Sur les plateaux télé, dans les cafés, sur les réseaux, la France s’enflamme. D’un côté, ceux qui saluent la décision du tribunal comme un acte de courage et de justice : « Enfin un signal clair que personne n’est au-dessus des lois. »

De l’autre, ceux qui hurlent au complot, à la chasse politique, voire à une vengeance orchestrée par une prétendue « caste judiciaire ».

Dans certaines villes, des rassemblements de soutien à Marine Le Pen ont eu lieu. À Lyon, un cortège d’environ 300 personnes a manifesté contre « la dictature judiciaire ». À Lille, des pancartes affichaient : « La France aux Français, pas aux juges ! »

Mais ce qui inquiète le plus les autorités, ce ne sont pas ces manifestations, somme toute prévisibles. Ce sont les cellules radicalisées, discrètes, organisées, qui s’activent en ligne, dans l’ombre, avec des intentions bien plus violentes.

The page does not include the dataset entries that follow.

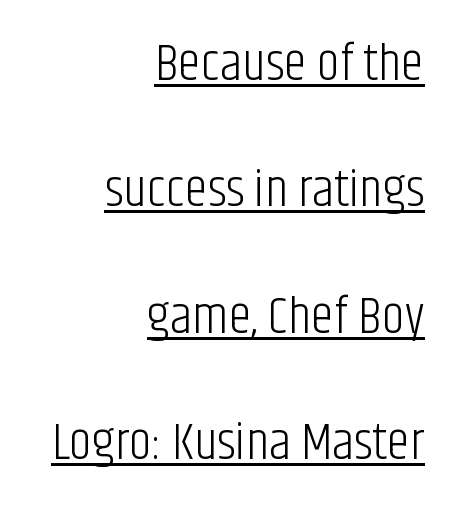
Q: Is the text bold? A: No.
Q: Is the text italic (slanted)? A: No, it is upright.
Q: Is the typeface a serif or a sans-serif typeface? A: Sans-serif.
Q: Is the text underlined? A: Yes.
Q: How is the paragraph aligned? A: Right-aligned.
Q: Is the spacing between letters normal or unusually wide? A: Normal.
Q: Is the spacing between lines tight, normal or loose? A: Loose.
Q: Width (condensed, normal, or wide)? A: Condensed.
Q: Stroke contrast? A: Low.
Q: x-height? A: Large.
Q: Monospaced? A: No.
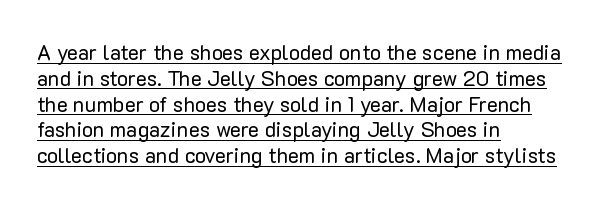
{"italic": "no", "bold": "no", "underline": "yes", "align": "left", "line_spacing_ratio": 1.23, "letter_spacing": "normal", "letter_spacing_em": 0.0, "glyph_px": 21}
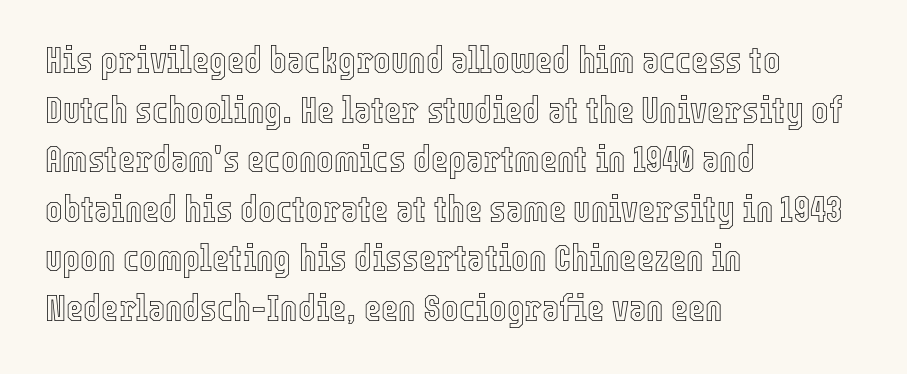
Q: Is the text italic (slanted)? A: No, it is upright.
Q: Is the text underlined? A: No.
Q: How is the paragraph aligned? A: Left-aligned.
Q: Is the spacing between letters normal or unusually wide? A: Normal.
Q: Is the spacing between lines tight, normal or loose? A: Normal.
Q: Width (condensed, normal, or wide)? A: Condensed.
Q: x-height? A: Medium.
Q: Monospaced? A: No.
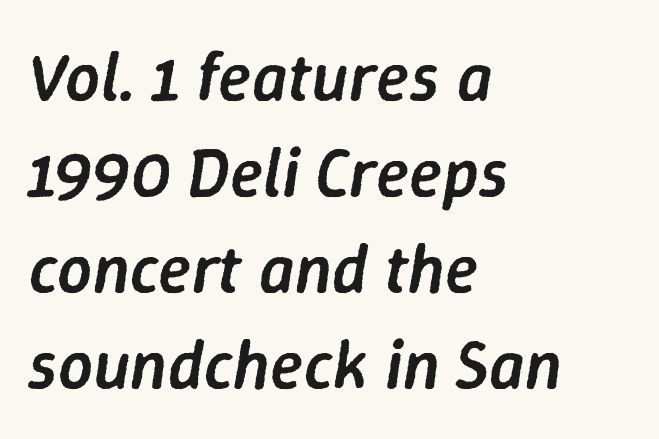
{"italic": "yes", "lean": "right", "slant_degrees": 9, "bold": "semi", "weight": "semibold", "width": "normal", "stroke_contrast": "low", "x_height": "medium", "monospaced": "no", "underline": "no", "align": "left", "line_spacing": "normal", "line_spacing_ratio": 1.39, "letter_spacing": "normal", "letter_spacing_em": 0.0, "glyph_px": 69}
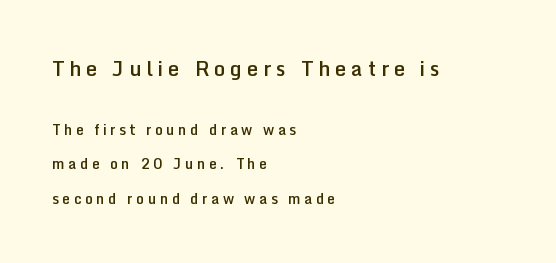
{"italic": "no", "bold": "semi", "underline": "no", "align": "left", "line_spacing": "loose", "line_spacing_ratio": 2.48, "letter_spacing": "wide", "letter_spacing_em": 0.25, "larger_block": "first", "size_ratio": 1.43, "glyph_px": 20}
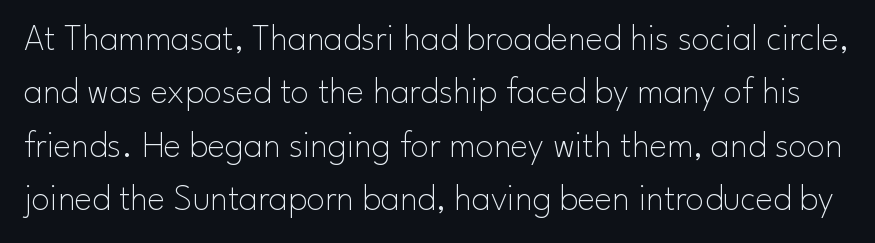
Q: Is the text bold? A: No.
Q: Is the text italic (slanted)? A: No, it is upright.
Q: Is the typeface a serif or a sans-serif typeface? A: Sans-serif.
Q: Is the text underlined? A: No.
Q: Is the spacing between letters normal or unusually wide? A: Normal.
Q: Is the spacing between lines tight, normal or loose? A: Normal.
Q: Width (condensed, normal, or wide)? A: Normal.
Q: Stroke contrast? A: Low.
Q: x-height? A: Small.
Q: Monospaced? A: No.
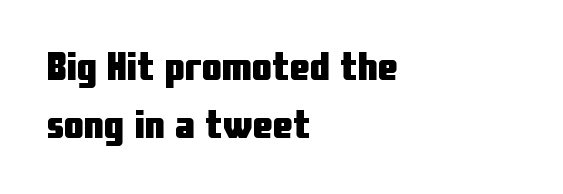
Q: Is the text bold? A: Yes.
Q: Is the text italic (slanted)? A: No, it is upright.
Q: Is the typeface a serif or a sans-serif typeface? A: Sans-serif.
Q: Is the text underlined? A: No.
Q: How is the paragraph aligned? A: Left-aligned.
Q: Is the spacing between letters normal or unusually wide? A: Normal.
Q: Is the spacing between lines tight, normal or loose? A: Normal.
Q: Width (condensed, normal, or wide)? A: Condensed.
Q: Stroke contrast? A: Low.
Q: x-height? A: Medium.
Q: Monospaced? A: No.
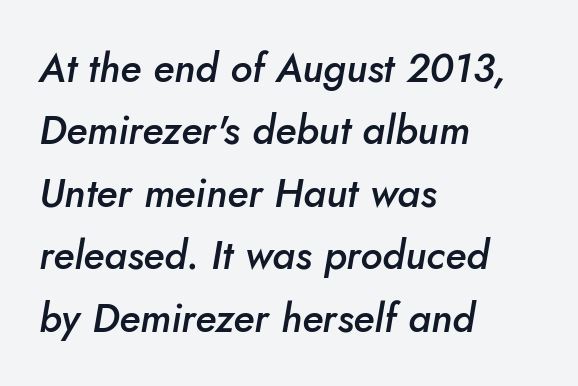
Q: Is the text bold? A: Semi-bold.
Q: Is the text italic (slanted)? A: Yes, it leans right by about 10 degrees.
Q: Is the text underlined? A: No.
Q: How is the paragraph aligned? A: Left-aligned.
Q: Is the spacing between letters normal or unusually wide? A: Normal.
Q: Is the spacing between lines tight, normal or loose? A: Normal.
Q: Width (condensed, normal, or wide)? A: Normal.
Q: Stroke contrast? A: Low.
Q: x-height? A: Small.
Q: Monospaced? A: No.

Le quotidien d’une juge désormais sous protection

Depuis quelques jours, Bénédicte de Perthuis vit différemment. Son itinéraire domicile-tribunal est désormais surveillé. Un véhicule de police non identifié stationne discrètement devant son immeuble. Ses enfants ont été discrètement exfiltrés de leur école pendant 48 heures, le temps de s’assurer qu’aucun danger immédiat ne pesait.

Elle n’a pas souhaité s’exprimer publiquement, respectant le devoir de réserve inhérent à sa fonction. Mais dans les couloirs du palais de justice, plusieurs magistrats parlent d’une « atmosphère plombée », d’un climat de peur inédit depuis les affaires politico-judiciaires des années 1990.

Quand juger devient un acte de courage

« Être juge aujourd’hui, c’est aussi devenir une cible », confie un magistrat sous couvert d’anonymat. Il poursuit :

« Certains d’entre nous ont reçu des courriers de menace dès qu’ils ont instruit un dossier sensible. Mais depuis la condamnation de Marine Le Pen, on a franchi un cap. Il ne s’agit plus de critiques, mais d’une volonté de faire pression, voire d’intimider physiquement. »

Cette situation relance le débat sur la protection des magistrats, mais aussi sur l’indépendance du pouvoir judiciaire en France, remise en cause par certains élus et médias partisans.

Le précédent inquiétant de 2025

Cette affaire n’est pas sans rappeler les tensions judiciaires autour de l’affaire Fillon en 2017, ou encore le traitement de l’affaire Sarkozy, où certains juges avaient déjà été pris à partie. Mais jamais jusqu’à présent la menace n’avait été aussi explicite, aussi massive.

Et surtout, jamais un personnage politique de premier plan, possiblement candidate naturelle à l’élection présidentielle de 2027, n’avait été frappée d’une inéligibilité immédiate.

Cette décision, historique, bouleverse les équilibres politiques, certes, mais aussi les fondements même de l’État de droit français.

Une République à défendre

La justice est le dernier rempart. Le dernier espoir face à l’arbitraire. Lorsqu’elle est attaquée, c’est toute la République qui vacille.

La condamnation de Marine Le Pen, au-delà de son enjeu judiciaire, a révélé une fracture profonde dans notre société. Une faille que certains n’hésitent plus à exploiter pour instaurer un climat de terreur.

Mais face aux menaces, face aux intimidations, la République ne doit pas céder. Elle doit au contraire réaffirmer, haut et fort, le principe d’indépendance de la justice, et protéger celles et ceux qui la font vivre au quotidien.